THE TASK: Pictures do not belong in the copy; transcribe everything else in the records exactly.

INFORMATION GIVEN:

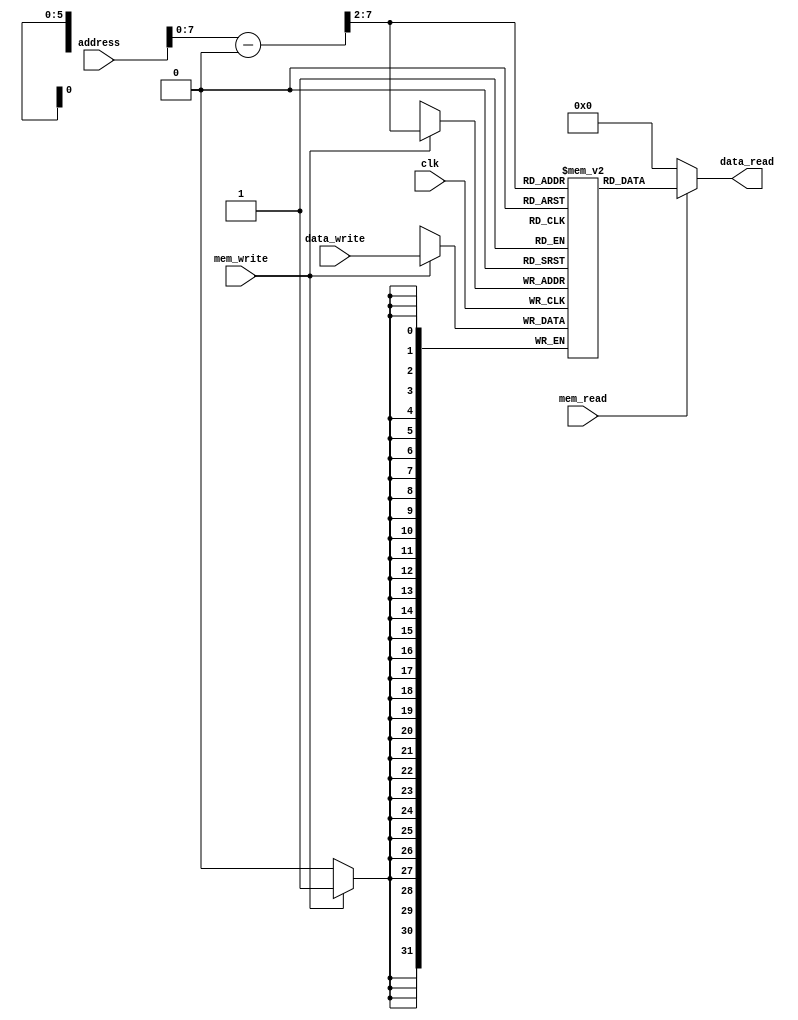
module memory(
  input clk, mem_read, mem_write,
  input [31:0] address, data_write,
  output reg [31:0] data_read
);

  reg [31:0] mem [0:63]; // 64K???
  
  always@(*)begin
    if(mem_read)
      data_read <= mem[(address-1024)>>2];
    else
      data_read <= 0;
  end
  
  always@(posedge clk)begin
    if(mem_write)begin
        mem[(address-1024)>>2] <= data_write;
    end
  end
    

endmodule
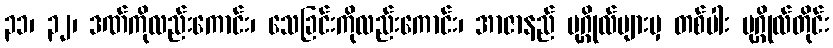
၃၁၊ ၃၂၊ ဒဏ်ကိုလည်းကောင်း၊ သေခြင်းကိုလည်းကောင်း၊ အာဇာနည် ပုဂ္ဂိုလ်များမှ တစ်ပါး ပုဂ္ဂိုလ်တိုင်း
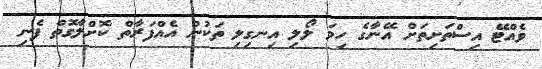
ވެއްޓޭ އިސްތަށިތަށް އޭނާގެ ހިމަ ލޯލި އިނގިލި ތަކުން އެއްފަރާތް ކޮށްލާގޮތް ފެނި
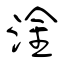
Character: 淦
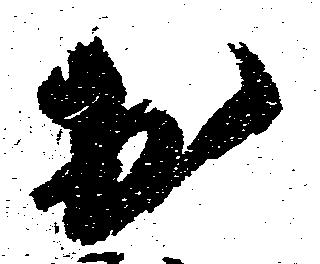
於
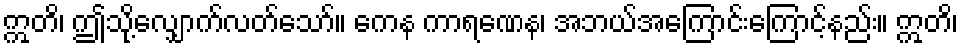
ဣတိ၊ ဤသို့လျှောက်လတ်သော်။ ကေန ကာရဏေန၊ အဘယ်အကြောင်းကြောင့်နည်း။ ဣတိ၊
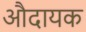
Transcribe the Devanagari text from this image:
औदायक
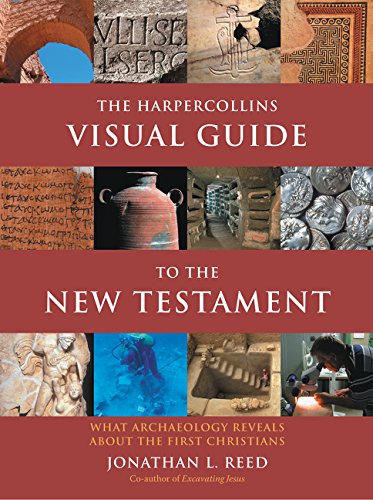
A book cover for The HarperCollins Visual Guide to the New Testament: What Archaeology Reveals about the First Christians; Jonathan L. Reed; Christian Books & Bibles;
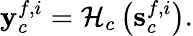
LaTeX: {\mathbf{y}}_{c}^{f,i}={{\cal{H}}_{c}}\left({\mathbf{s}}_{c}^{f,i}\right).
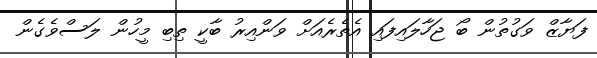
ފަޔާޒް ވަގުތުން ބޯ ޖަހާލައިފައި އެތެރެއަށް ވަންއިރު ބާކީ ތިބި މީހުން ލަސްވެގެން
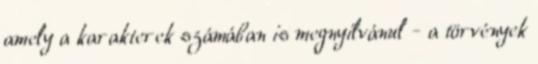
amely a karakterek számában is megnyilvánul - a törvények
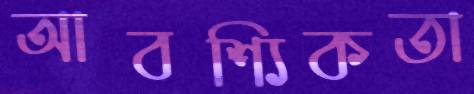
আবশ্যিকতা

ANSWER FOR THE TASK:
module memory(
  input clk, mem_read, mem_write,
  input [31:0] address, data_write,
  output reg [31:0] data_read
);

  reg [31:0] mem [0:63]; // 64K???
  
  always@(*)begin
    if(mem_read)
      data_read <= mem[(address-1024)>>2];
    else
      data_read <= 0;
  end
  
  always@(posedge clk)begin
    if(mem_write)begin
        mem[(address-1024)>>2] <= data_write;
    end
  end
    

endmodule
၃၁၊ ၃၂၊ ဒဏ်ကိုလည်းကောင်း၊ သေခြင်းကိုလည်းကောင်း၊ အာဇာနည် ပုဂ္ဂိုလ်များမှ တစ်ပါး ပုဂ္ဂိုလ်တိုင်း
ވެއްޓޭ އިސްތަށިތަށް އޭނާގެ ހިމަ ލޯލި އިނގިލި ތަކުން އެއްފަރާތް ކޮށްލާގޮތް ފެނި
Character: 淦
於
ဣတိ၊ ဤသို့လျှောက်လတ်သော်။ ကေန ကာရဏေန၊ အဘယ်အကြောင်းကြောင့်နည်း။ ဣတိ၊
Transcribe the Devanagari text from this image:
औदायक
A book cover for The HarperCollins Visual Guide to the New Testament: What Archaeology Reveals about the First Christians; Jonathan L. Reed; Christian Books & Bibles;
LaTeX: {\mathbf{y}}_{c}^{f,i}={{\cal{H}}_{c}}\left({\mathbf{s}}_{c}^{f,i}\right).
ފަޔާޒް ވަގުތުން ބޯ ޖަހާލައިފައި އެތެރެއަށް ވަންއިރު ބާކީ ތިބި މީހުން ލަސްވެގެން
amely a karakterek számában is megnyilvánul - a törvények
আবশ্যিকতা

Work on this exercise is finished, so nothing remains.